**Work required**
Go to the line with "2015 and 2021." in the records below, then output it and each following line exactly, up to and including the line with "Two aerial photos of one place in France, from 2014". Skip pictures and add nothing.

BEGIN Data records

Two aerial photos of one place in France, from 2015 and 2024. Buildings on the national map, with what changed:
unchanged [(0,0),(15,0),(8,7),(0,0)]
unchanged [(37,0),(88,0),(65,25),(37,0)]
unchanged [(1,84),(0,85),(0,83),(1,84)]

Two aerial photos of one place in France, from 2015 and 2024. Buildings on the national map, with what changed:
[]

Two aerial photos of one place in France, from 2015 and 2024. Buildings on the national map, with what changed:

END Data records
BEGIN Data records

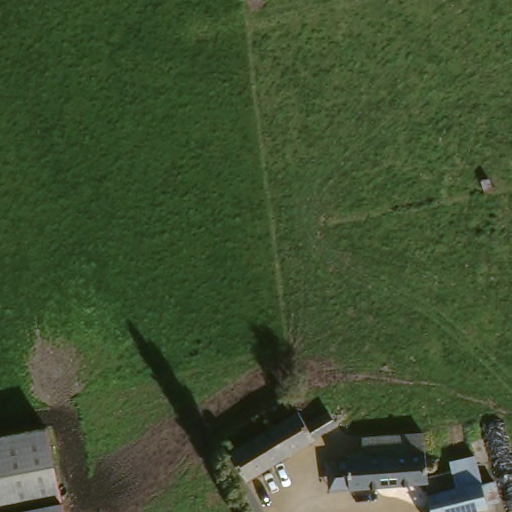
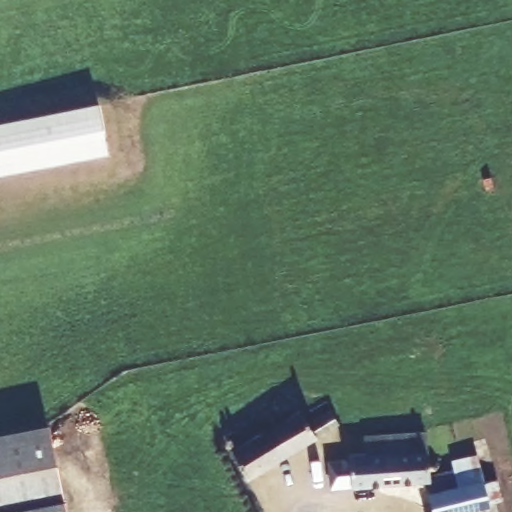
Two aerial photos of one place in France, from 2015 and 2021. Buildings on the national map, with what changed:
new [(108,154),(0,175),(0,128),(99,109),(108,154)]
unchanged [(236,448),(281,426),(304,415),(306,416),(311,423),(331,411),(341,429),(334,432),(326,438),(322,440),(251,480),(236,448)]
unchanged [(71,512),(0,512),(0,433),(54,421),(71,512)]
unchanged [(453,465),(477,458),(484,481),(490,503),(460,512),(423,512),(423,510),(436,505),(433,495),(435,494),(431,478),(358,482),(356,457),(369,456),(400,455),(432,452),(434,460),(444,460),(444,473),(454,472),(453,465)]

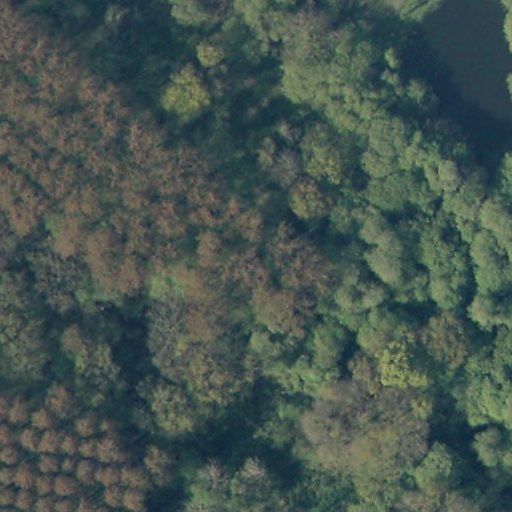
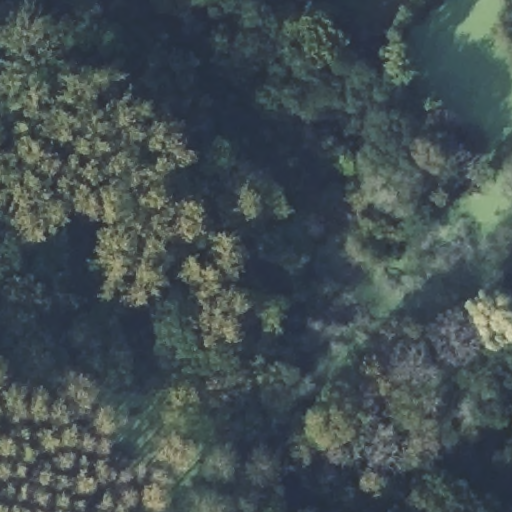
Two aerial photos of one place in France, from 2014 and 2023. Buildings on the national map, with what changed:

END Data records

**Your solution**
Two aerial photos of one place in France, from 2015 and 2021. Buildings on the national map, with what changed:
new [(108,154),(0,175),(0,128),(99,109),(108,154)]
unchanged [(236,448),(281,426),(304,415),(306,416),(311,423),(331,411),(341,429),(334,432),(326,438),(322,440),(251,480),(236,448)]
unchanged [(71,512),(0,512),(0,433),(54,421),(71,512)]
unchanged [(453,465),(477,458),(484,481),(490,503),(460,512),(423,512),(423,510),(436,505),(433,495),(435,494),(431,478),(358,482),(356,457),(369,456),(400,455),(432,452),(434,460),(444,460),(444,473),(454,472),(453,465)]

Two aerial photos of one place in France, from 2014 and 2023. Buildings on the national map, with what changed:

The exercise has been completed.